Whether you’re constructing a house, a new business or a mobile app, a solid foundation is critical. It gives you a strong base from which to build, and it can have massive implications on the life of your project further down the road. The same goes for the experimentation process.
Before ever beginning a software experiment, it’s important to create a strong foundation by investing time in the experimental-design phase. A well designed experiment will have a clear and testable hypothesis, a set run time calculated via a power analysis and a predetermined plan for the analysis stage. Two key components of planning the analysis are deciding which metrics you’ll be measuring and which statistical test you will use to determine whether or not any changes were statistically significant. Unfortunately, this is easier said than done, and with the wrong statistical test or metric, your experiment is destined to crumble.

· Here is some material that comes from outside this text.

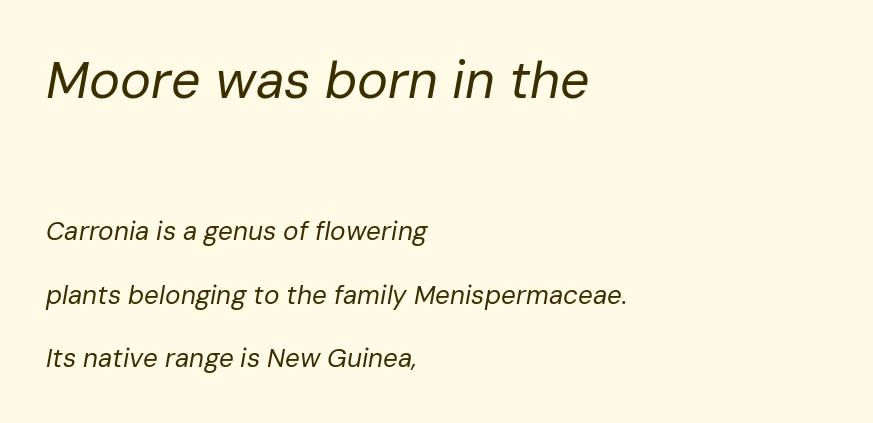
Does the bottom block carry the larger type? No, the top block does. Compared with a centered layout, this one pins lines to the left instead. Unbolded letterforms with no extra heft. Line spacing here is loose. The rendering uses natural spacing where letterforms have individual widths.
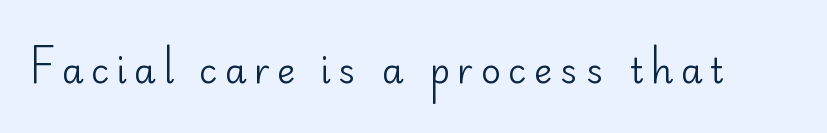
Beneath every word, the page is bare. How are the letters spaced? Widely, with obvious added tracking. This sample uses a sans-serif face. A light-to-regular cut is what we see here. This sample has the flowing, uneven cadence of proportional lettering. Posture: upright roman.

How Do You Spot a Bad Metric or Wrong Test?
Oftentimes, people don’t realize they’re using a bad metric or a wrong test. Of the two, a bad metric is easier to spot. First, ask yourself, “What does it mean if this metric increases?” With that answer, you should be able to easily explain whether it is a good or bad result and/or which aspect of user behavior or product performance has changed and in what way. If there are multiple different ways to interpret a change to your metric, then it is probably not a good one to use.
Determining if you’re using the wrong statistical test is harder. There are many different types of tests that are appropriate in different scenarios. For example, whilst a chi-squared test may be appropriate for a proportions metric (e.g. percentage of unique users who convert), this test would not give accurate results if applied to a non-proportions metric such as page load time. Instead, for means, or real-valued, a t-test is often the correct one to apply to your results.
The most important thing to keep in mind is that the metric should satisfy all the assumptions of the test you are applying to it. For example, both the t-test and the chi-squared test assume the observations are independent and the noise in the data is normally distributed. One way to check this is with AA tests, an experiment where there is no difference at all between the two treatments. If you run a series of AA tests applying your statistical test to the metric, the p-values should be uniformly distributed, and the fraction of the AA tests which appear statistically significant should be roughly equal to your false positive rate, e.g. 5% if using a p-value threshold of 0.05.
Consequences of a Bad Metric or Wrong Test
Without the right metrics and test, your experiment is bound to run into trouble. Specifically, using a bad metric can make it very difficult to interpret the results of your experiment, or in the worst cases, it can lead you to unknowingly draw incorrect conclusions. It can mean you are not receiving as much value and learnings out of an experiment as you could have.
Similarly, using a statistical test which is not appropriate for the metric you’re applying it to can also cause you to draw incorrect conclusions. In this case, it can lead to a much higher false positive rate than you intended when you set the significance level. This can leave you thinking your experiment has had an impact, while it’s just normal noise in the data.
What Is a Good Metric?
Ideally, a good metric will be interpretable, meaningful, sensitive and fit for the statistical test you’re applying to it. Interpretable means if the metric changes, you should easily be able to determine if it will have a positive impact or negative impact and what that means in terms of user behavior or system performance. A meaningful metric directly measures something which you care about in your experiment. This could be something that’s a good proxy for business value or customer satisfaction. Sensitive metrics are able to detect smaller changes for a given size of traffic. For example, slow moving metrics such as retention or high variance metrics such as revenue, whilst being important metrics, are not inherently sensitive and hence might not be the best choice for your experiment’s primary metric.
Finally, fit for the test means the metric should satisfy all the assumptions of the statistical test you will use as previously mentioned. For example, metrics where the denominator is not equal to the randomization unit⎯e.g. per-session metrics when you are randomizing on users⎯would not give independent observations and hence are not fit for use in a standard statistical test such as a t-test or chi-squared test.
Benefits of a Good Metric
A good metric is crucial to any successful experiment. It allows you to get the most information and learnings out of an experiment, and it makes experiments easier to interpret as well as more efficient to run. Using a good metric and appropriate test will also avoid the chances of inflated false positive rates and getting misled by the data, which provides the biggest benefit of all: saving time and money.